Buckminsterfullerene has a molar mass of 720.64 g/mole; its melting and boiling points are approximately 553 k and 800 k, respectively. The molecule can withstand high temperatures and high pressures; its thermal conductivity is 0.4 W/mK (300 K), and its electrical resistivity is 1014 Ohms/m.

The Chemical Reaction of Buckminsterfullerene

• Hydrogenation

C60 shows a small amount of aromatic character and an addition reaction with hydrogen to give poly hydro fullerenes. It reacts with lithium in the presence of liquefied ammonia, accompanied by three-degree butanol to give a composition of poly hydro fullerenes.

• Cycloaddition 

The C60 molecules can undergo cycloaddition reaction giving the dumbbell-structured compound C120. The coupling is attained by a rapidly 

vibrating mill in the presence of KCN, which behaves as a catalyst. The reaction is alterable as C120 disintegrates back into two molecules of C60 when heated at 450 K. Repeated cycloaddition between C60  at high temperature and pressure results in the formation of polymerised fullerene.

• Halogenation 

Buckminsterfullerene shows an additional reaction with halogen. Its structure is changed into a drum-shaped molecule after reacting with fluorine and chlorine.

• Reaction with oxygen atoms

Solutions of buckminsterfullerene react with oxygen atoms to form the epoxide  C60O. Buckminsterfullerene reacts with ozone in the presence of 1,2-dimethylbenzene (o- xylene) at -16 degrees Celsius to give an intermediate product which is analogous to ozone also called ozonide. C60O3 can be decomposed into two forms of C60O. Decomposition of C60O3 at 23 degrees Celsius gives the epoxide; however, decomposition or separation of molecules in the presence of light gives a product in which the O atom is present at bridge head position.

Importance of Buckminsterfullerene

Buckminsterfullerene importance is seen in the pharmaceutical industry as :-

1. Buckminsterfullerene acts as an antioxidant and helps to reduce damage due to oxygen.
2. It acts as an antiviral agent and helps fight against viruses that can cause diseases.
3. It is used in gene and drug delivery systems.
4. It acts as an essential drug in photodynamic therapy.
5. Its importance is also seen in radiculopathy treatment (a disease of the nerve’s root).

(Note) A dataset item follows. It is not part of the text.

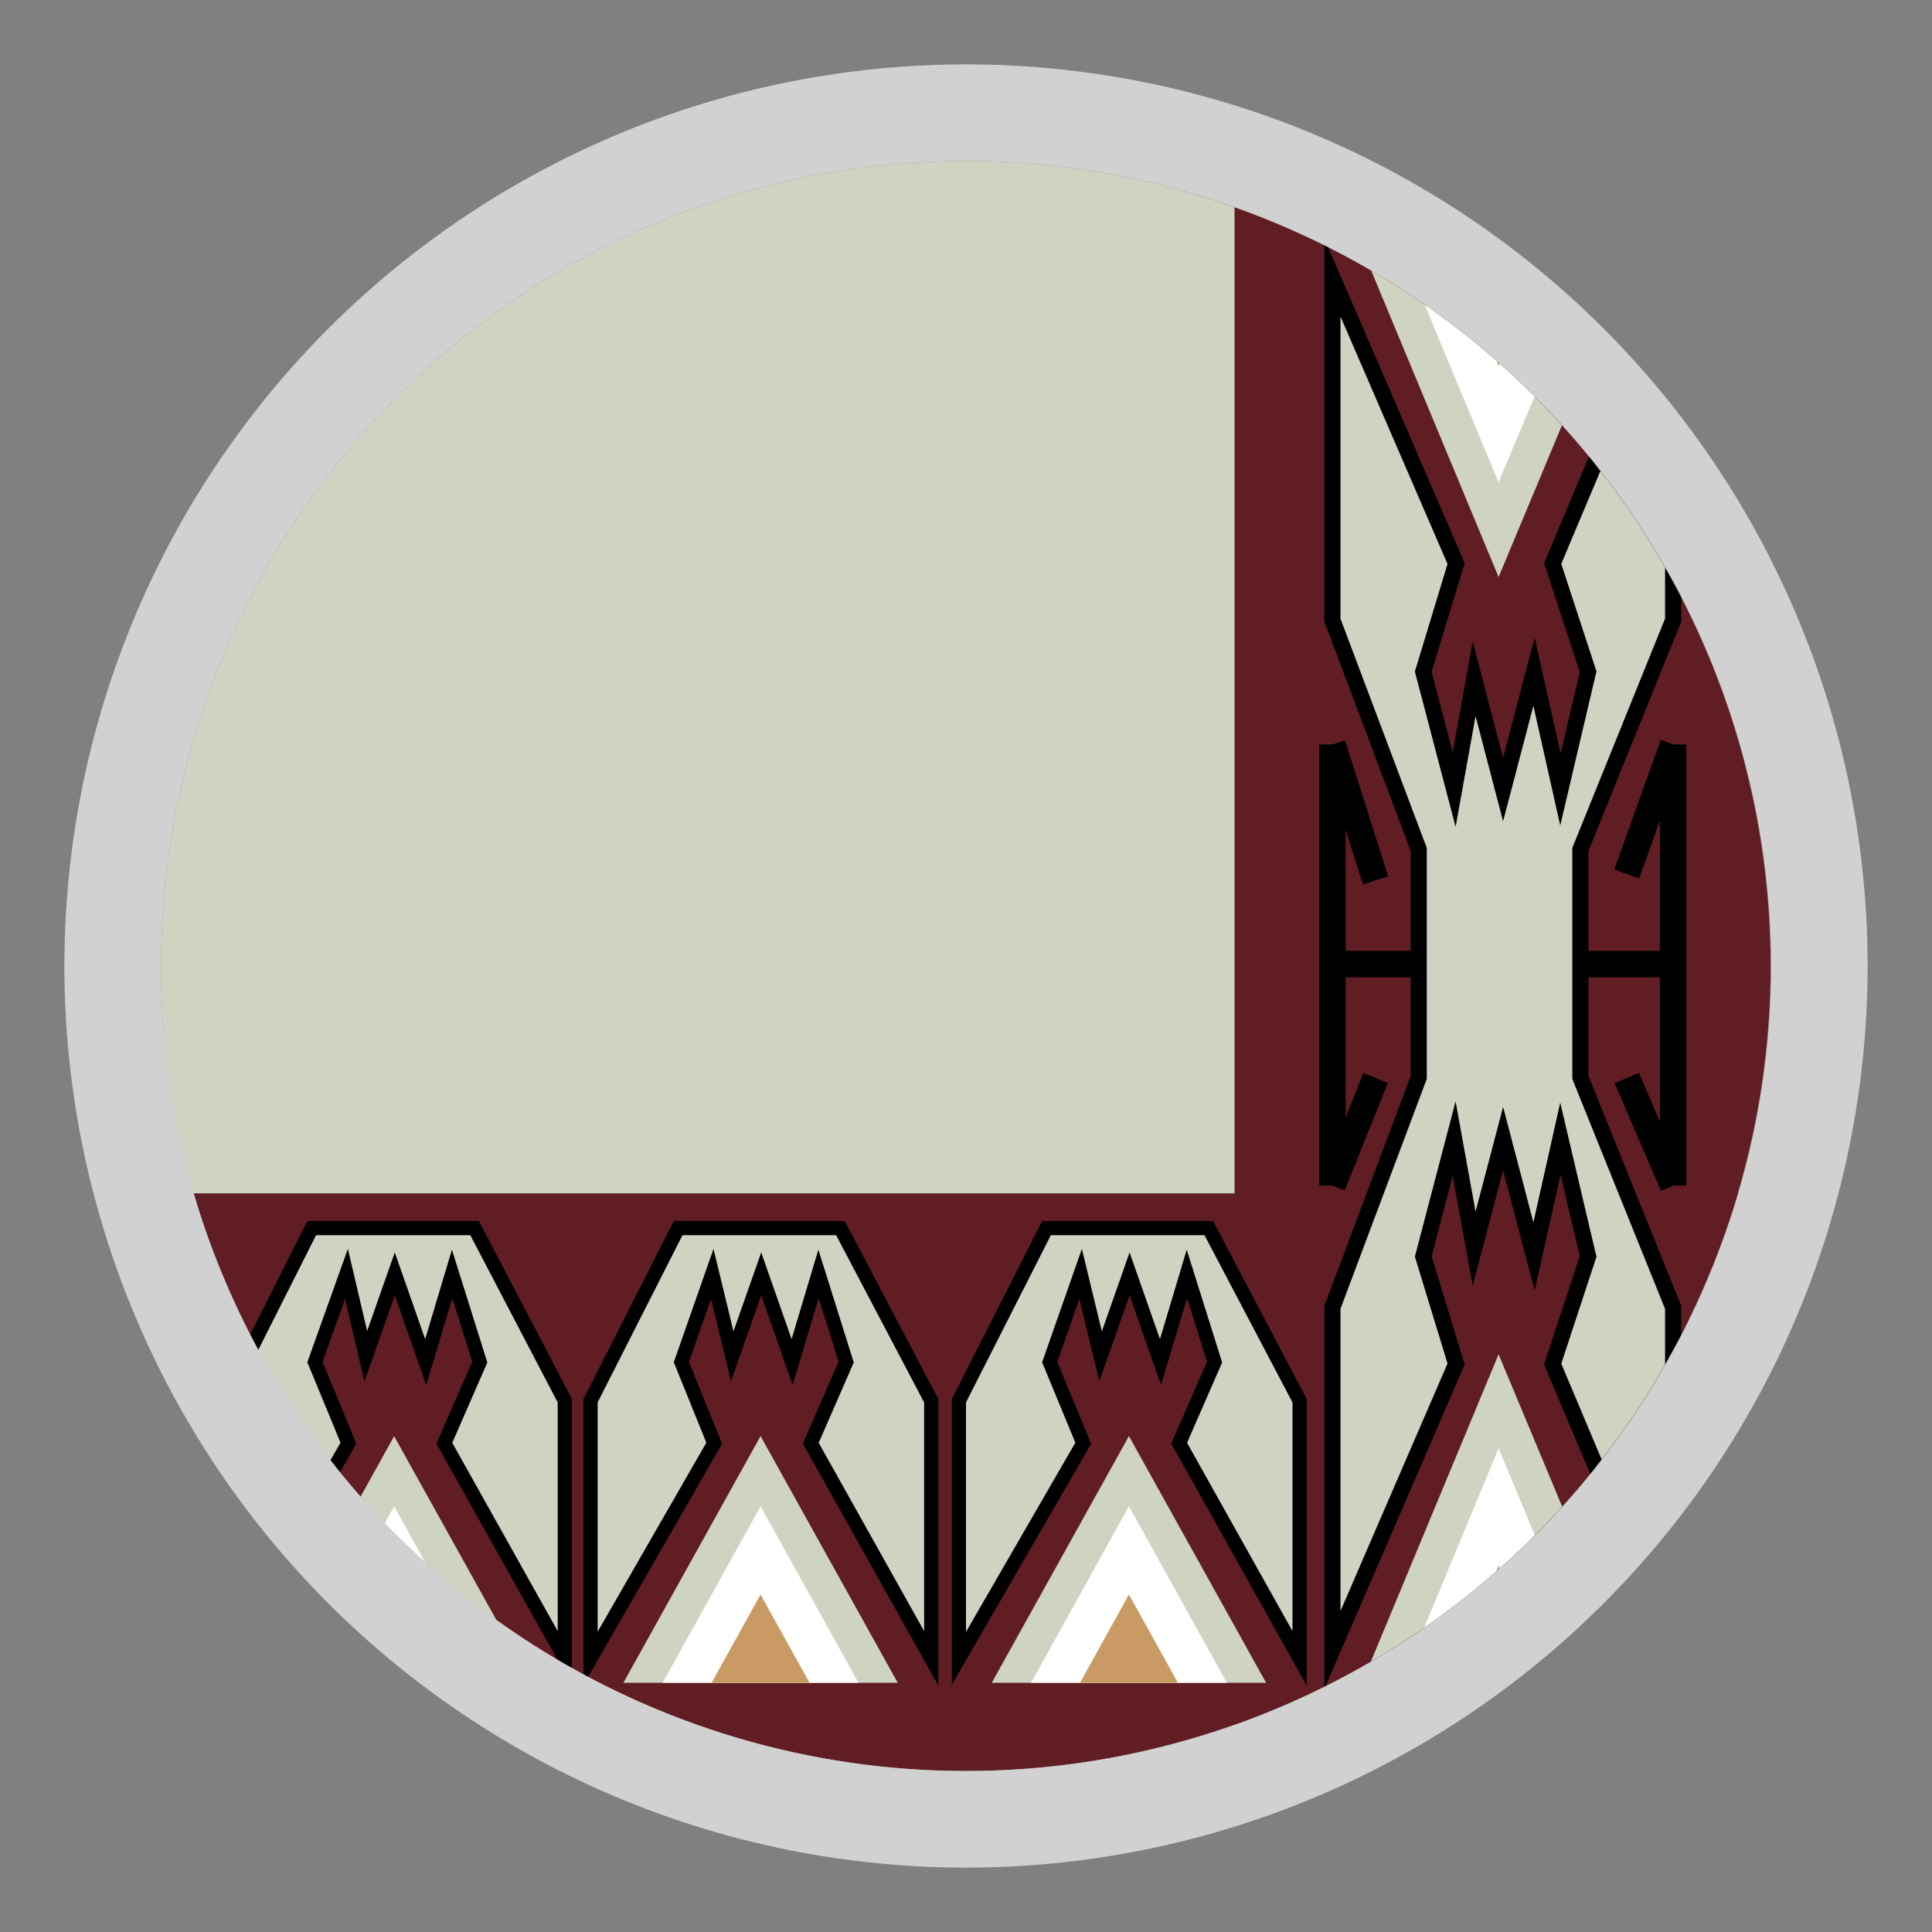 <svg id="Livello_1" data-name="Livello 1" xmlns="http://www.w3.org/2000/svg" xmlns:xlink="http://www.w3.org/1999/xlink" viewBox="0 0 30 30"><rect x="0" y="0" width="30" height="30" fill="#808080" stroke="none"/><defs><style>.cls-1,.cls-10,.cls-4{fill:none;}.cls-2{clip-path:url(#clip-path);}.cls-3,.cls-6,.cls-9{fill:#cfd4c2;}.cls-4{stroke:#fff;stroke-width:0.88px;}.cls-10,.cls-4,.cls-6,.cls-9{stroke-miterlimit:10;}.cls-5{fill:#601d23;}.cls-10,.cls-6,.cls-9{stroke:#000;}.cls-6{stroke-width:0.22px;}.cls-7{fill:#fff;}.cls-8{fill:#ca9a64;}.cls-9{stroke-width:0.25px;}.cls-10{stroke-width:0.41px;}.cls-11{fill:#d1d1d1;}</style><clipPath id="clip-path"><path class="cls-1" d="M15,2.5A12.5,12.5,0,1,1,2.62,16.77,12.94,12.94,0,0,1,2.5,15,12.5,12.5,0,0,1,15,2.5Z"/></clipPath></defs><g class="cls-2"><path class="cls-3" d="M15,2.5A12.5,12.5,0,1,1,2.62,16.77,12.94,12.94,0,0,1,2.5,15,12.5,12.5,0,0,1,15,2.5Z"/><polyline class="cls-4" points="2.77 19.63 20.31 19.63 27.5 19.63"/><rect class="cls-5" x="2.63" y="18.53" width="24.73" height="9.06"/><rect class="cls-5" x="19.17" y="2.5" width="8.33" height="25.09"/><polygon class="cls-6" points="3.49 25.75 3.49 21.75 4.84 19.07 7.37 19.07 8.77 21.75 8.77 25.75 6.9 22.41 7.45 21.15 7.02 19.78 6.61 21.15 6.13 19.78 5.68 21.06 5.38 19.78 4.89 21.15 5.41 22.41 3.49 25.75"/><polygon class="cls-3" points="6.12 22.3 4 26.13 8.25 26.13 6.12 22.3"/><polygon class="cls-7" points="6.12 23.39 4.61 26.13 7.64 26.13 6.12 23.39"/><polygon class="cls-8" points="6.12 24.76 5.37 26.13 6.88 26.13 6.12 24.76"/><polygon class="cls-6" points="9.17 25.75 9.17 21.75 10.53 19.07 13.05 19.07 14.46 21.75 14.46 25.75 12.59 22.41 13.14 21.15 12.71 19.78 12.3 21.15 11.82 19.78 11.37 21.06 11.06 19.78 10.58 21.15 11.09 22.41 9.17 25.75"/><polygon class="cls-3" points="11.81 22.3 9.68 26.13 13.94 26.13 11.81 22.3"/><polygon class="cls-7" points="11.81 23.39 10.29 26.13 13.33 26.13 11.81 23.39"/><polygon class="cls-8" points="11.81 24.76 11.05 26.13 12.57 26.13 11.81 24.76"/><polygon class="cls-6" points="14.89 25.75 14.89 21.75 16.25 19.07 18.77 19.07 20.18 21.75 20.18 25.75 18.31 22.41 18.86 21.15 18.43 19.78 18.02 21.15 17.54 19.78 17.09 21.06 16.78 19.78 16.3 21.15 16.82 22.41 14.89 25.75"/><polygon class="cls-3" points="17.53 22.3 15.4 26.13 19.66 26.13 17.53 22.3"/><polygon class="cls-7" points="17.53 23.39 16.01 26.13 19.05 26.13 17.53 23.39"/><polygon class="cls-8" points="17.53 24.76 16.77 26.13 18.29 26.13 17.53 24.76"/><polygon class="cls-3" points="23.27 21.03 21.15 26.13 25.4 26.13 23.27 21.03"/><polygon class="cls-7" points="23.27 22.49 21.76 26.13 24.79 26.13 23.27 22.49"/><polygon class="cls-8" points="23.27 24.31 22.52 26.13 24.03 26.13 23.27 24.31"/><polygon class="cls-9" points="25.98 9.63 25.98 4.31 24.11 8.75 24.66 10.43 24.23 12.26 23.82 10.43 23.34 12.26 22.89 10.54 22.58 12.26 22.1 10.43 22.61 8.75 20.69 4.31 20.69 9.63 22.03 13.19 22.03 16.73 20.69 20.3 20.69 25.62 22.61 21.18 22.1 19.51 22.58 17.68 22.89 19.39 23.34 17.68 23.82 19.51 24.23 17.68 24.66 19.51 24.11 21.18 25.98 25.62 25.98 20.3 24.54 16.73 24.54 13.19 25.98 9.63"/><polygon class="cls-3" points="23.27 8.96 21.15 3.86 25.4 3.86 23.27 8.96"/><polygon class="cls-7" points="23.27 7.49 21.76 3.86 24.79 3.86 23.27 7.49"/><polygon class="cls-8" points="23.27 5.68 22.52 3.86 24.03 3.86 23.27 5.68"/><line class="cls-10" x1="22.03" y1="14.97" x2="20.69" y2="14.97"/><line class="cls-10" x1="20.69" y1="11.56" x2="20.69" y2="18.41"/><line class="cls-10" x1="20.69" y1="11.56" x2="21.36" y2="13.67"/><line class="cls-10" x1="20.69" y1="18.41" x2="21.36" y2="16.74"/><line class="cls-10" x1="24.54" y1="14.97" x2="25.98" y2="14.97"/><line class="cls-10" x1="25.98" y1="11.56" x2="25.98" y2="18.41"/><line class="cls-10" x1="25.98" y1="11.56" x2="25.26" y2="13.57"/><line class="cls-10" x1="25.98" y1="18.41" x2="25.26" y2="16.74"/></g><path class="cls-11" d="M15,2.5A12.5,12.5,0,1,1,2.5,15,12.5,12.5,0,0,1,15,2.5M15,1A14,14,0,1,0,29,15,14,14,0,0,0,15,1Z"/></svg>

Buckminsterfullerene importance and applications based on its redox properties :-

1. It is used in deterioration treatment.
2. It is also used in osteopenia therapy and helps fight multiple sclerosis. 

Conclusion 

Buckminsterfullerene is the most common naturally occurring fullerene. It is the third allotrope of carbon and is found in deep black powdery substances consisting mainly of amorphous carbon. Buckminsterfullerene contains twenty-six-membered rings and twelve-five membered rings. It is shaped like a soccer ball and is also called buckyballs. C60 shows a minor aromatic character and dissolves in organic solvents like benzene and toluene, and it is insoluble in water. Buckminsterfullerene is usually an insulator, but they behave as semiconductors when doped with alkali metals. Buckminsterfullerene’s importance and application are seen in many industries as antioxidants, cosmetics, antiviral agents, and drug delivery systems.